While landscaping the desert creates beautiful public spaces, it also means a strain on precious water resources. However, sensible planting and water retention strategies combined with the usage of grey water for irrigation help maintain the vision of greening the desert in the UAE.
The Estidama (which translates to mean sustainability) ratings in Abu Dhabi are making their mark by ensuring that public spaces are treated as an important aspect of projects, while the Parks and Recreation Facilities Division (PRFD), which is part of the Abu Dhabi Municipality (ADM) is entrusted with implementing that vision. Meanwhile, Dubai Municipality is aiming for zero energy parks, according to a senior official.
"We have joined our efforts with strategic partners such as the Abu Dhabi Urban Planning Council (UPC) to coordinate on the development of projects that are aligned with the guidelines of the Public Design Realm Manual and Estidama. Other associated partners include the Department of Transportation, Department of Municipal Affairs, and the Environment Agency," says Rashed Abdullah Al Falasi, Director, PRFD.
Al Falasi says the PRFD has set up an overall landscape strategy, which spans the year from 2010 to 2015. It’s mission is to foster a distinctive, vibrant, aesthetically pleasing network of open spaces and public areas across the city that offers residents and visitors landscaped areas while ensuring the sustainable use of natural resources. "One of the most important aspects is reducing the usage of irrigation water, dependence on natural groundwater resources while using local tolerant plants and a plantation system, attempting to use sea water and extensively recycling the irrigation water," he says.
The ADM was recently awarded the Greenery Award for Best City in the Middle East Countries for 2010, presented by the Arab Cities Organisation at an event in Doha.
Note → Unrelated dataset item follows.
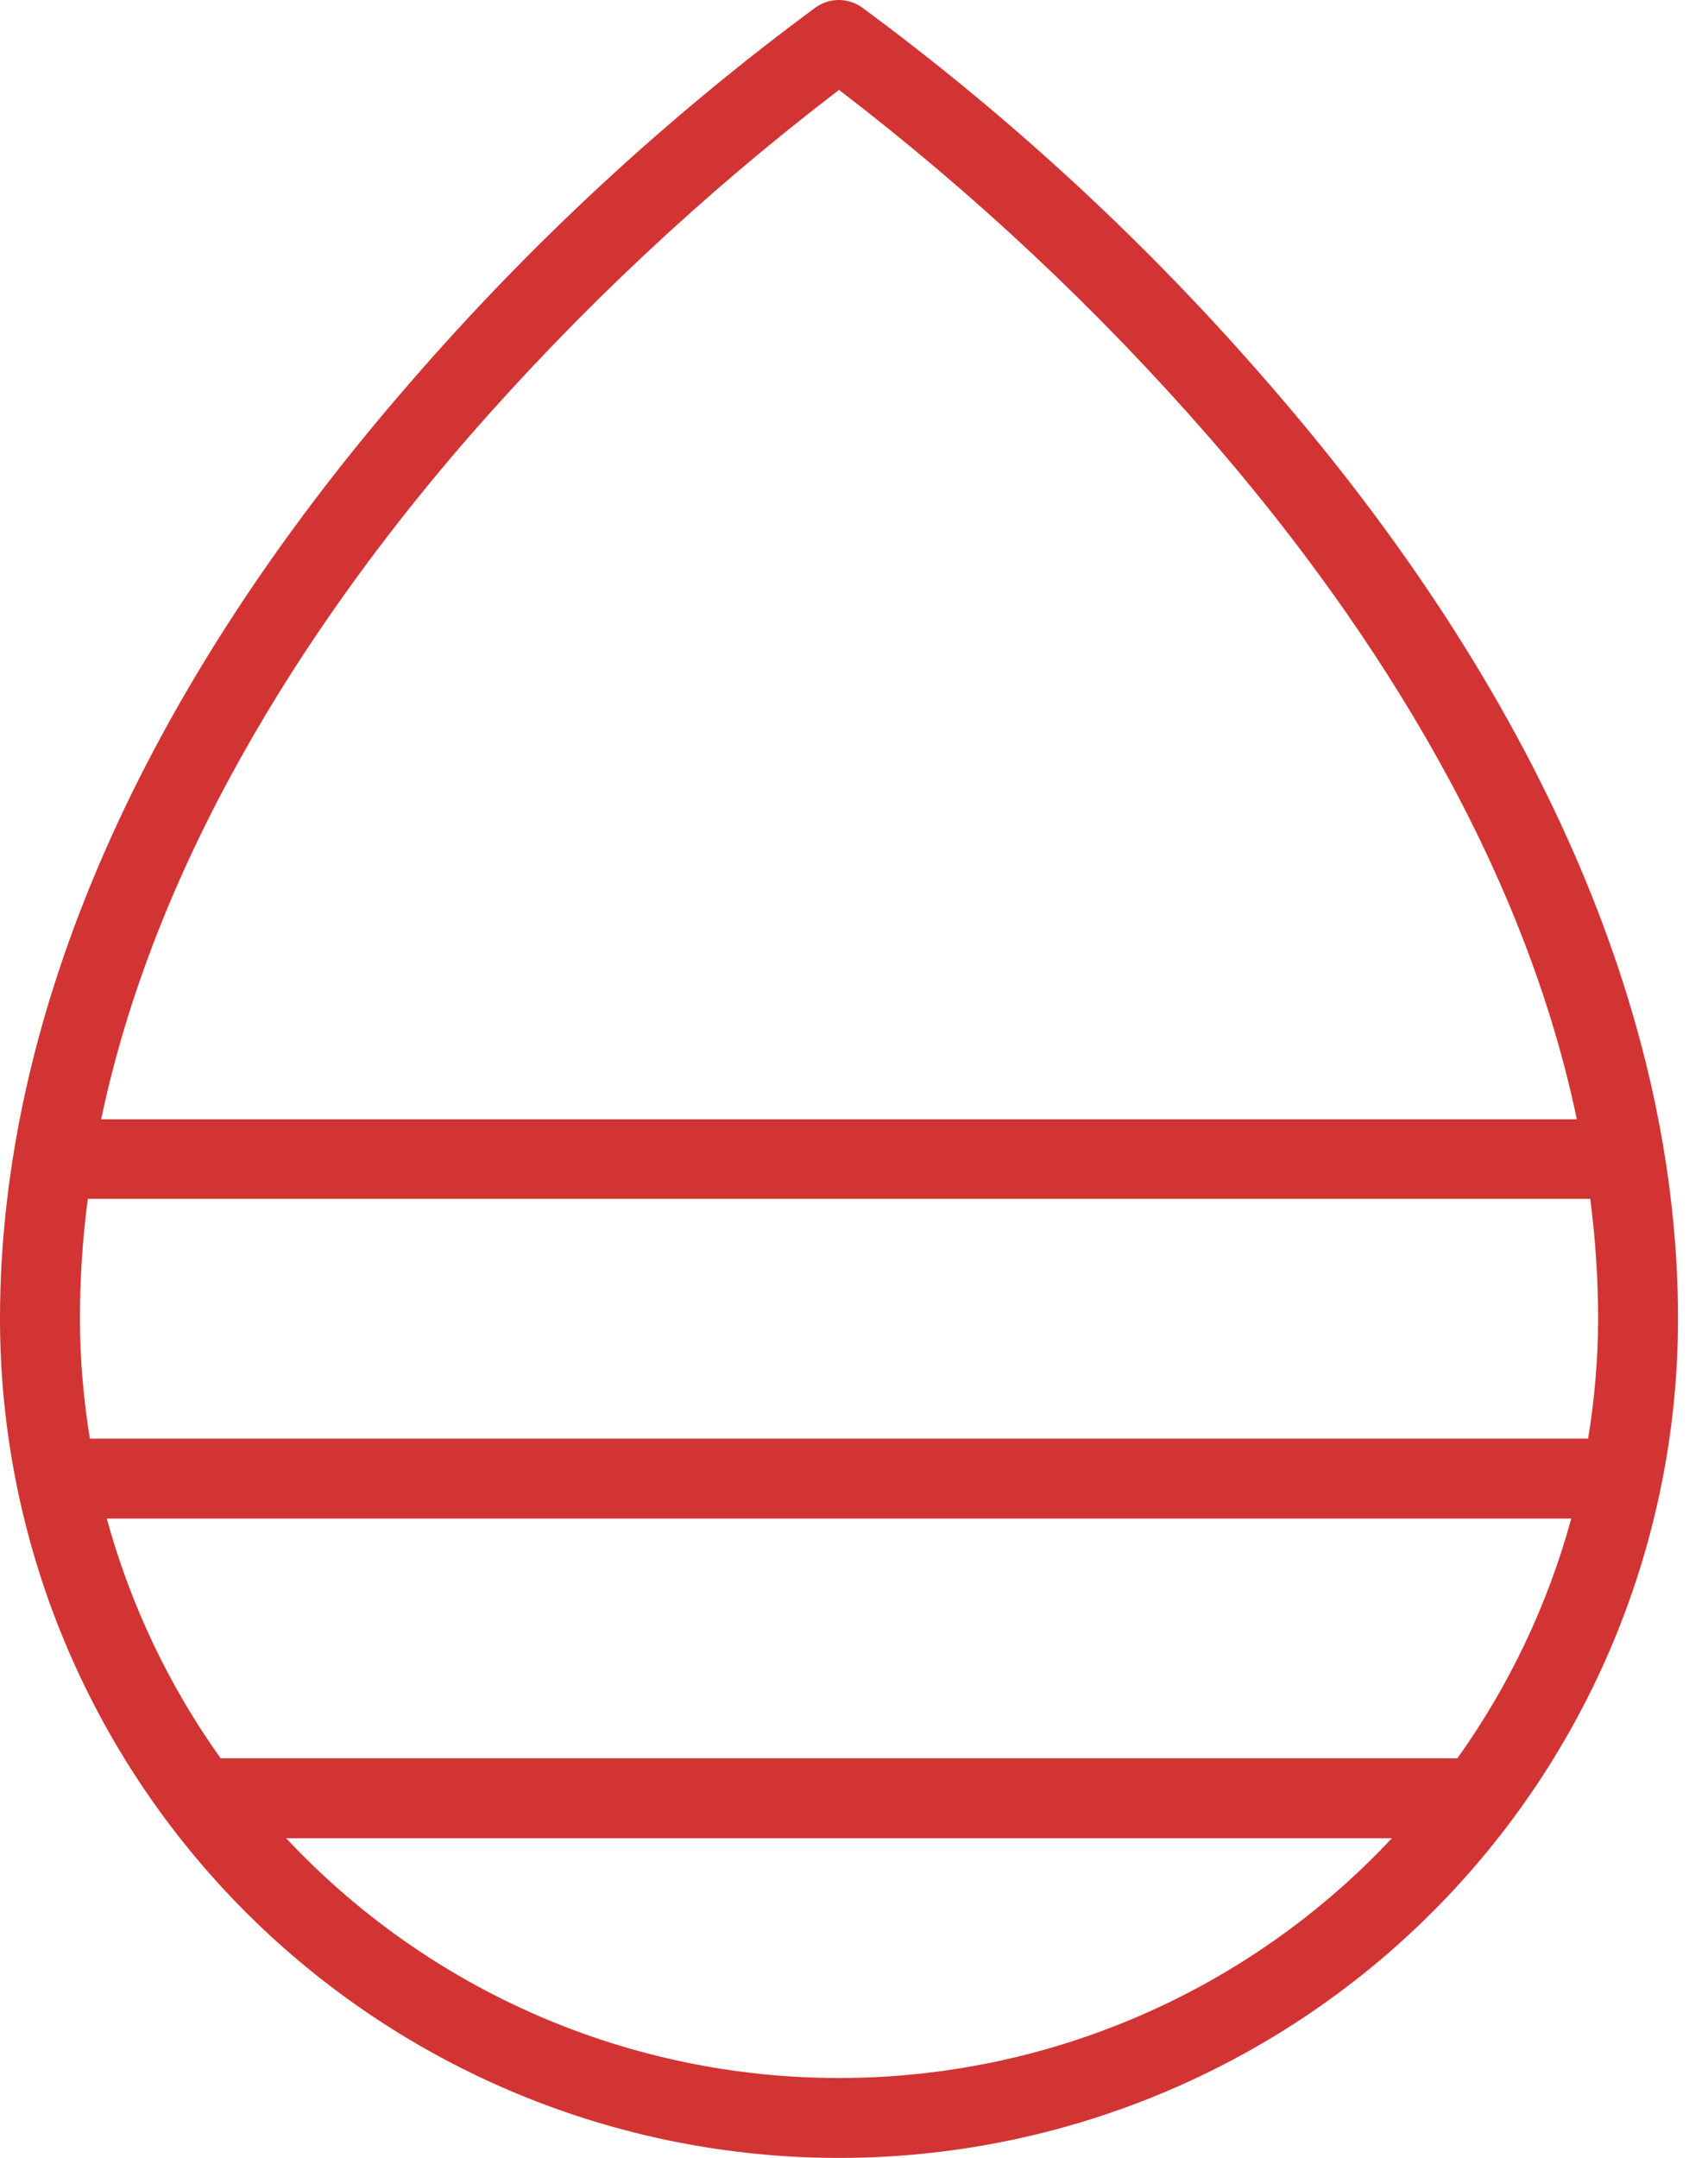 <svg width="38" height="48" viewBox="0 0 38 48" fill="none" xmlns="http://www.w3.org/2000/svg">
<path id="Vector" d="M28.222 8.527C25.525 5.411 22.489 2.605 19.171 0.16C19.022 0.056 18.844 0 18.662 0C18.48 0 18.302 0.056 18.153 0.16C14.839 2.605 11.806 5.411 9.111 8.527C3.149 15.38 0 22.573 0 29.333C0 34.284 1.967 39.032 5.467 42.533C8.968 46.033 13.716 48 18.667 48C23.617 48 28.365 46.033 31.866 42.533C35.367 39.032 37.333 34.284 37.333 29.333C37.333 22.573 34.184 15.38 28.222 8.527ZM32.424 39.111H4.909C3.756 37.497 2.899 35.691 2.376 33.778H34.958C34.435 35.691 33.577 37.497 32.424 39.111ZM2 32C1.855 31.119 1.781 30.227 1.778 29.333C1.779 28.442 1.838 27.551 1.953 26.667H35.38C35.496 27.551 35.554 28.442 35.556 29.333C35.553 30.227 35.478 31.119 35.333 32H2ZM10.422 9.727C12.905 6.882 15.667 4.293 18.667 2C21.667 4.296 24.429 6.888 26.911 9.736C30.104 13.413 33.8 18.76 35.082 24.898H2.251C3.54 18.751 7.229 13.405 10.422 9.727ZM18.667 46.222C16.36 46.223 14.079 45.75 11.963 44.833C9.847 43.915 7.942 42.573 6.367 40.889H30.967C29.391 42.573 27.486 43.915 25.37 44.833C23.255 45.75 20.973 46.223 18.667 46.222Z" fill="#D23434"/>
</svg>

At the same time, since PRFD is dealing with recreation facilities, its members worked closely together resulting in Abu Dhabi Corniche becoming the first beach in the Arabian Gulf region to achieve Blue Flag certification for beaches and marinas in June 2011. Blue Flag is awarded to beaches which meet 32 strict criteria, including environmental management, information and education, water quality, public safety and services.
Focus on green spaces
Similarly, Dubai created its own green and sustainable guidelines by taking into account that it is located in a hot arid zone. "We did take a look at Singapore as a case study in landscaping. But then we evolved our own guidelines with respect to our climate and lack of water. Again, we also looked at how to make people interact with the green spaces and not just the beautification aspect," says Fatima Essa Al Muhairi, Head of Landscaping section at the Dubai Municipality’s (DM) General Projects Department.
Traditionally, parks in Dubai were blocked with a concrete fence, a green buffer zone and closed off for public interaction till one enters the precincts. "In 2005, I joined the landscape division of DM as an architect. Our strategy was to slowly open up the parks with cast aluminium barricades that would visually engage the interiors with people outside the park," she says.
A focus on health activities is expected to follow, with the launch of jogging tracks, rubberised flooring for sport courts and so on. "Till 2009, we followed that trend. Now we are looking at creating open parks and applying sustainable energy principles. In areas such as Barsha, Abu Hail, Al Sufouh and others, we have constructed projects that are illuminated by solar light poles. Now our plan is to go for green parks, which will stop relying on electricity," says Fatima. Over the next five years, the DM will track this experiment innew parks.
So what are the plans in the coming years? "Dubai is now a mature city in terms of landscaping. Over the next two years, we plan to concentrate on the countryside, i.e. areas such as Al Awir, Hatta, and Lehbab, that have a lack of parks and facilities. Then, streetscapes are being designed by the Road Transport Authority and we follow with maintenance. Recently, we have started getting streetscape projects such as the running area under the Dubai Metro on Shaikh Zayed Road and some other private clients," says Fatima.
"We are also studying and experimenting with water retention strategies, which will be implemented once they show success rates. But our biggest ambition is to consider zero energy parks as our mission in the long run," she concludes.
And why not? According to her, the DM gets calls from Abu Dhabi, Bahrain and Oman to share its landscaping success strategies when it comes to the current high-grade parks in Dubai. Go green UAE!